- University: Middle Tennessee State University
- Head coach: Keith Vroman
- Conference: C-USA
- Location: Murfreesboro, Tennessee
- Outdoor track: Dean Hayes Track and Soccer Field
- Nickname: Blue Raiders
- Colors: Royal blue and white

= Middle Tennessee Blue Raiders track and field =

American college track and field team

The Middle Tennessee Blue Raiders track and field team is the track and field program that represents Middle Tennessee State University. The Blue Raiders compete in NCAA Division I as a member of the Conference USA. The team is based in Murfreesboro, Tennessee, at the Dean Hayes Track and Soccer Field.

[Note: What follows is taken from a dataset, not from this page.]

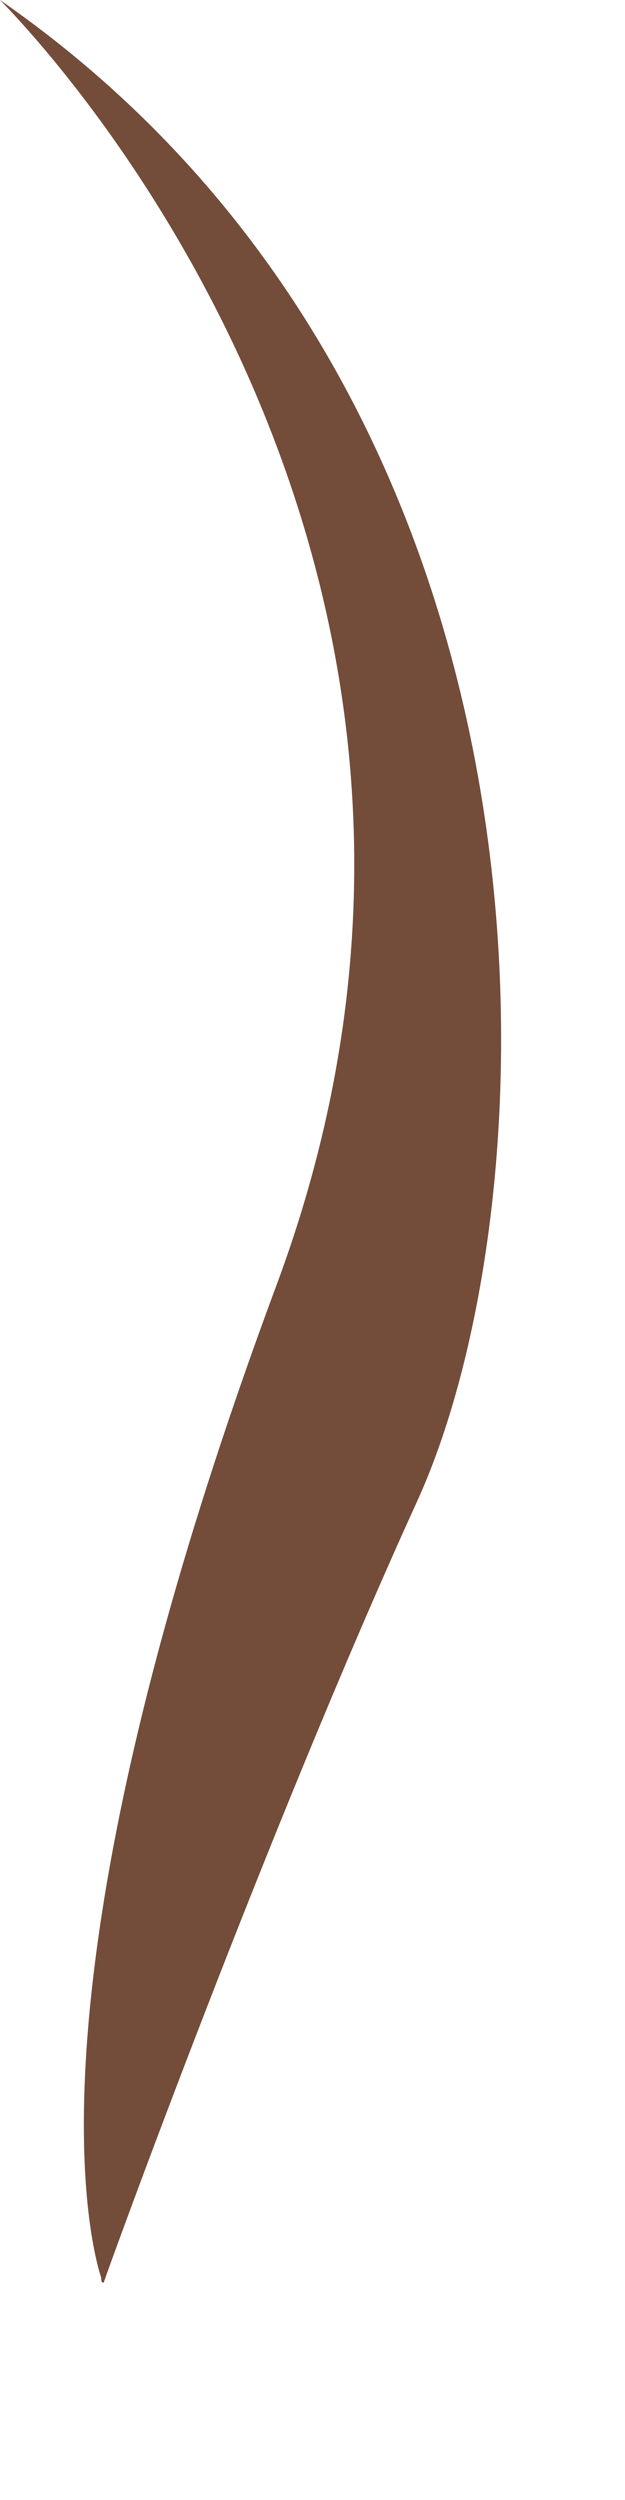 <?xml version="1.0" encoding="utf-8"?>
<svg xmlns="http://www.w3.org/2000/svg" fill="none" height="100%" overflow="visible" preserveAspectRatio="none" style="display: block;" viewBox="0 0 1 4" width="100%">
<path d="M0.667 2.403C0.426 2.932 0.173 3.63 0.166 3.652C0.166 3.652 0.166 3.652 0.164 3.652C0.164 3.652 0.162 3.652 0.162 3.646C0.161 3.641 0.161 3.641 0.159 3.635C0.135 3.548 0.049 3.117 0.441 2.06C0.877 0.894 0.043 0.044 0 0C0.935 0.649 0.891 1.913 0.667 2.403Z" fill="#744C3A" id="Vector"/>
</svg>

The program is coached by Keith Vroman. The track and field program officially encompasses four teams because the NCAA considers men's and women's indoor track and field and outdoor track and field as separate sports.

Triple jumper Barry McClure was the first multiple-time NCAA champion for the Blue Raiders. He was said to have started a dynasty of triple and long jumpers at the program.

==Postseason==
As of August 2025, a total of 32 men and 10 women have achieved individual first-team All-American status for the team at the Division I men's outdoor, women's outdoor, men's indoor, or women's indoor national championships (using the modern criteria of top-8 placing regardless of athlete nationality).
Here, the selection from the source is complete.